Bravo por ella
Meryl Streep no sólo cuando canta mal está soberbia en un filme sobre el amor, la ambición y el arte.
Es en realidad una tragicomedia. Cada uno lo verá como quiera. Cómica, pero también conmovedora y venenosa, Florence, la mejor peor de todas recuerda a Ed Wood, de Tim Burton. Si el cineasta que personificaba Johnny Depp se creía supremo -y fue de los peores de la historia-, la señora de alta alcurnia Florence Foster Jenkins, soprano, no le iba en zaga.
Para nada.
A diferencia de la reciente Marguerite, de Xavier Giannoli, que tomaba libremente la historia original y la transportaba a otra época (años ‘20 y en Francia), en la que la edad de los personajes era similar y el amor del esposo por la pésima soprano era hasta conmovedor, aquí las cosas son un poco más, digamos, ambiguas.
Porque St Clair Bayfield (Hugh Grant) es un actor británico que vio una oportunidad única casándose con Florence, y se aprovecha de la situación. No consuma el matrimonio, tiene una amante que vive en un departamento cercano al hotel donde duerme Florence -que se lo paga-, y mantiene las apariencias hacia afuera y hacia adentro como puede.
De todas formas, el núcleo es Florence, la heredera adinerada que fue patrona de las artes y que, aunque le hayan sugerido que cantar no es lo suyo, arremete con ser soprano y, como nadie le dice que no puede mantener una nota, la aplauden, está convencida de que lo suyo es arte.

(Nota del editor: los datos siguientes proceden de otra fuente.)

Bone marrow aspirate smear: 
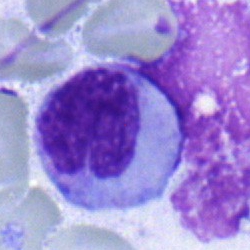

Showing a monocyte.
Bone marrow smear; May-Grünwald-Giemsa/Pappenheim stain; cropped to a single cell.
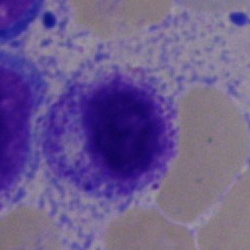Q: What type of cell is this?
A: A myelocyte.
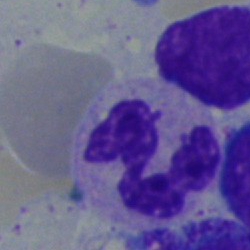

Single cell identified as a segmented neutrophil.
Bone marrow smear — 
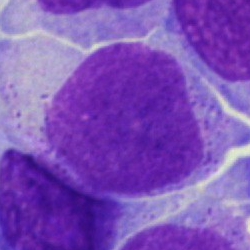 Showing a blast cell.

Florence sigue casi al pie de la letra los hechos verídicos, con los ensayos que la protagonista realiza con el pianista Cosme McMoon (Simon Helberg, Howard en The Big Bang Theory). Florence actuaba para conocidos, o miembros de The Verdi Club, que ella misma fundó y financió en Nueva York, y en esas veladas paquetas nadie objetaba a viva voz nada. Si se reían era a escondidas.
Pero Jenkins tiene preparada una sorpresa a su marido, ya que arregla una función de gala en el mismísimo Carnegie Hall, que resultará legendaria. Allí a Bayfield le resulta imposible sobornar a todo el mundo -críticos incluidos, como hacía-, menos a los soldados que regresaban de combatir en Europa en la Segunda Guerra Mundial y a los que Florence invita muy contenta y resuelta.
Snobismos al margen, y conveniencias puras también, Stephen Frears utiliza estos temas para discutir también sobre el amor verdadero, los principios, la ambición, el arte y el valor del dinero -que aquí mueve a más de uno a hacer cosas impensadas-.
Porque todos los que están alrededor de Florence lo están por dinero. No tiene una amiga, una confidente; su esposo le dice “conejita” y la cubre y la cuida de quienes se mofan. Vive casi como Truman en The Truman Show.